◆ **Problem to work on**: Transcribe exactly the entries from the "This image occurred 27.4 s after image 1." line to the end, both included, minus pictures.

Extracted records:
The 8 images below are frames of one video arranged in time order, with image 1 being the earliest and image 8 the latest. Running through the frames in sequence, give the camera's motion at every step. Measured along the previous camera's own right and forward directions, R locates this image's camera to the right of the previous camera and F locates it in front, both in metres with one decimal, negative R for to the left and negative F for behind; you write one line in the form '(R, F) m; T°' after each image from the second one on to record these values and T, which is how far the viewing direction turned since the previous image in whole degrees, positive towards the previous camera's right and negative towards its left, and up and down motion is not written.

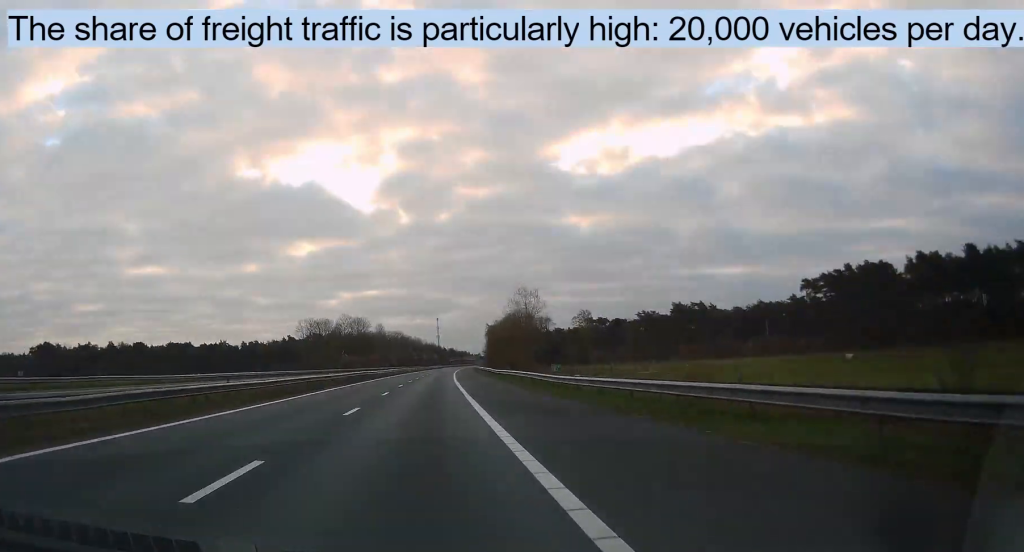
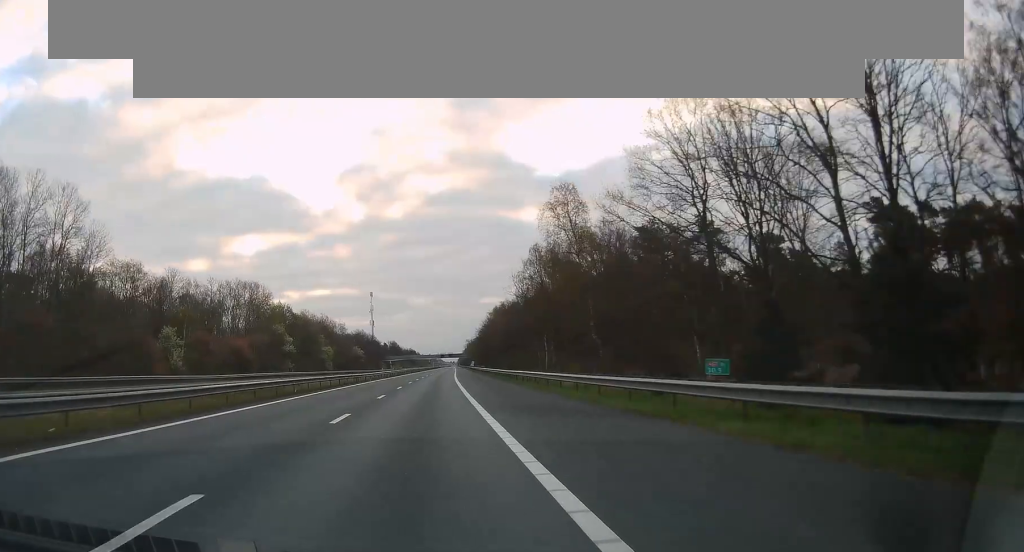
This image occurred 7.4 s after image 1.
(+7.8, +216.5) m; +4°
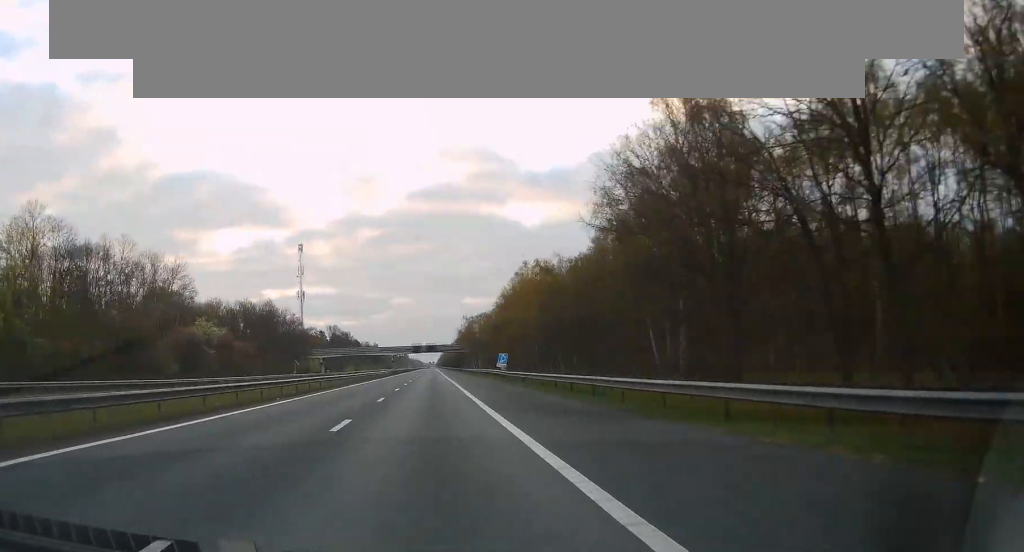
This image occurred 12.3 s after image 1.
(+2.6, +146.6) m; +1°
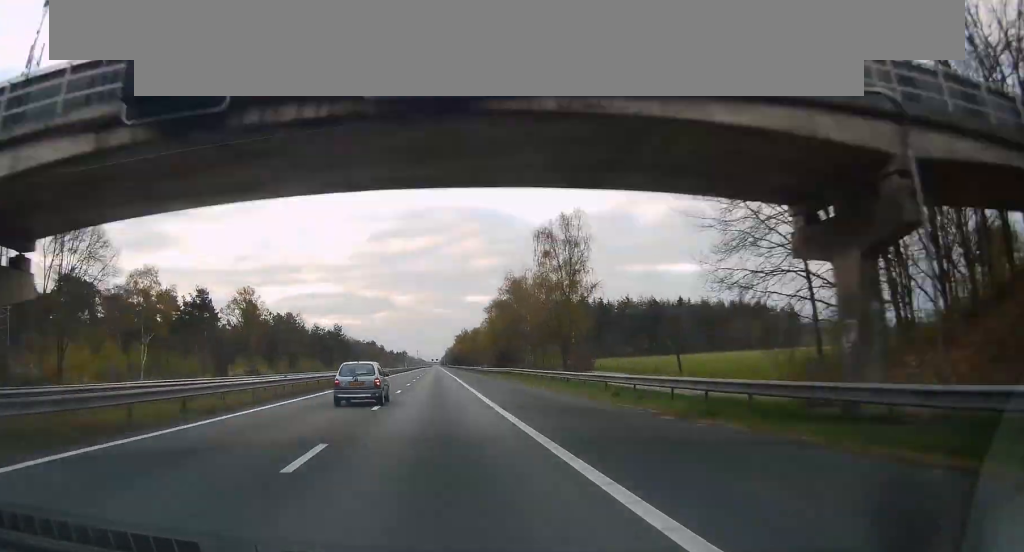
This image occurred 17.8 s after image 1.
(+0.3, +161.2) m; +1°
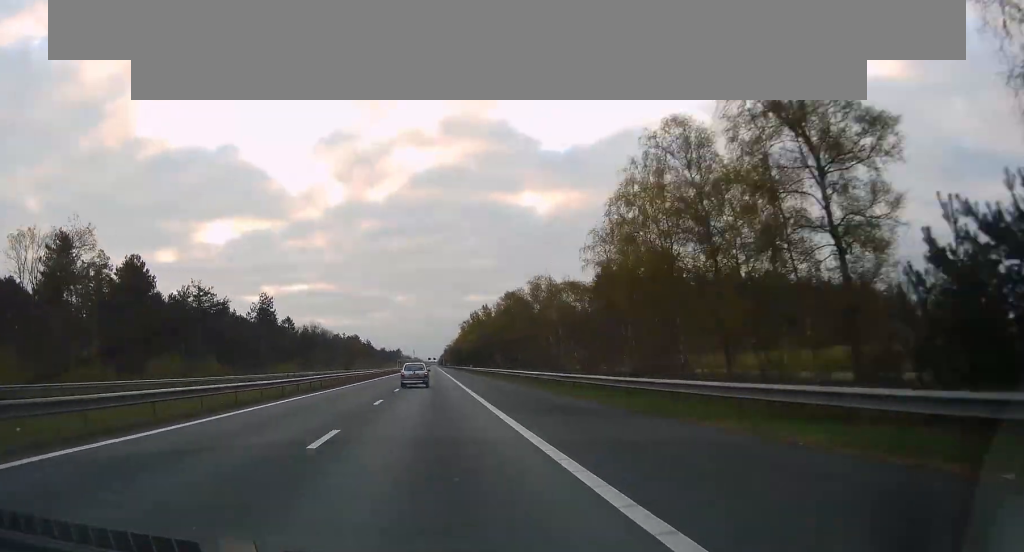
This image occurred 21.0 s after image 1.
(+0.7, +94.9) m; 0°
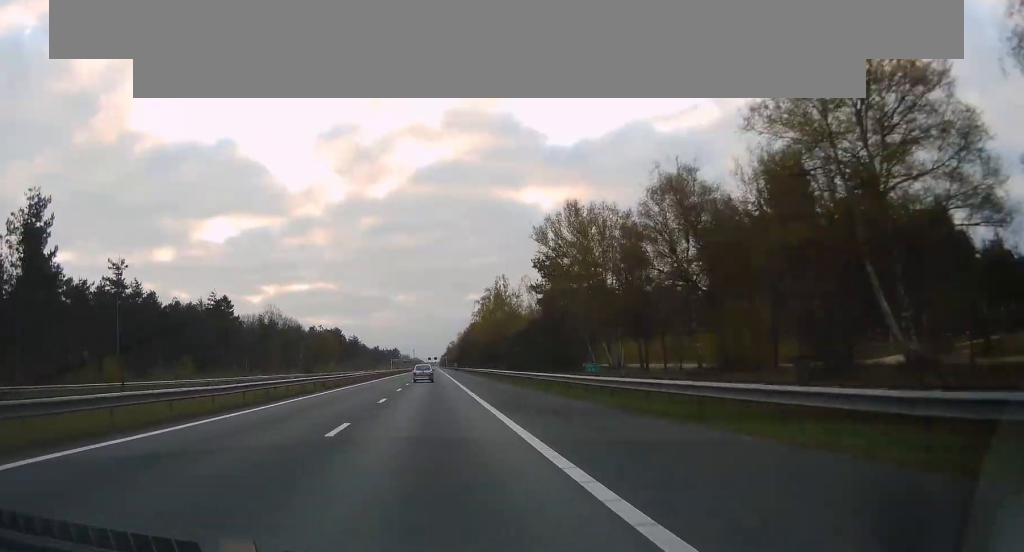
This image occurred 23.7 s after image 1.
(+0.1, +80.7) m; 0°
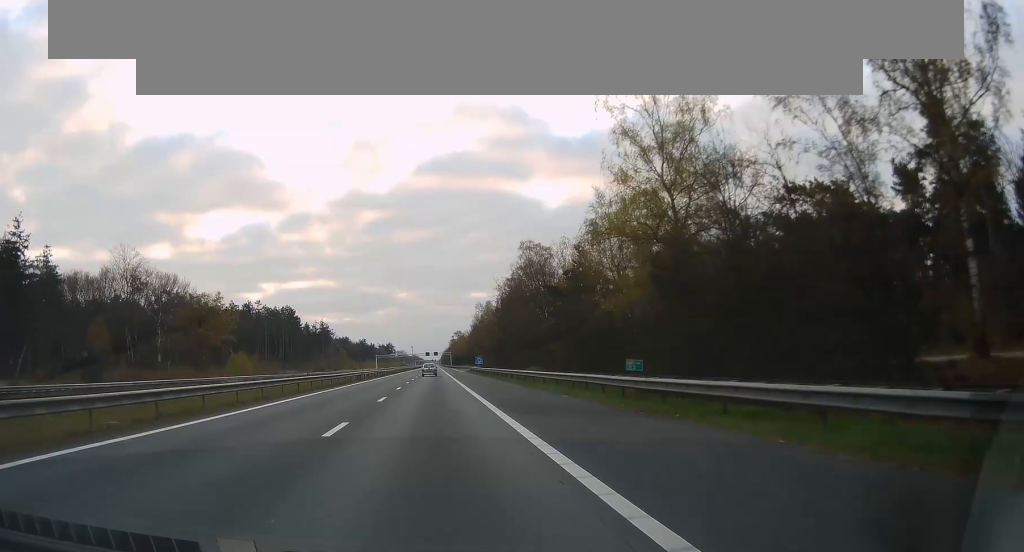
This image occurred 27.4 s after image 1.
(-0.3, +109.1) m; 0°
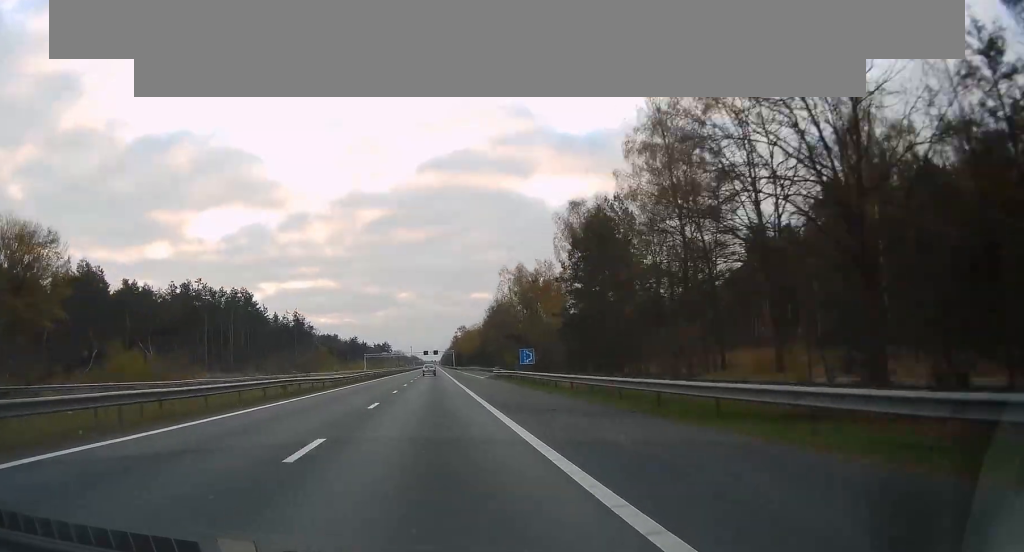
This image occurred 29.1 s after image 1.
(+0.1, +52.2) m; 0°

◆ **Result**:
This image occurred 27.4 s after image 1.
(-0.3, +109.1) m; 0°
This image occurred 29.1 s after image 1.
(+0.1, +52.2) m; 0°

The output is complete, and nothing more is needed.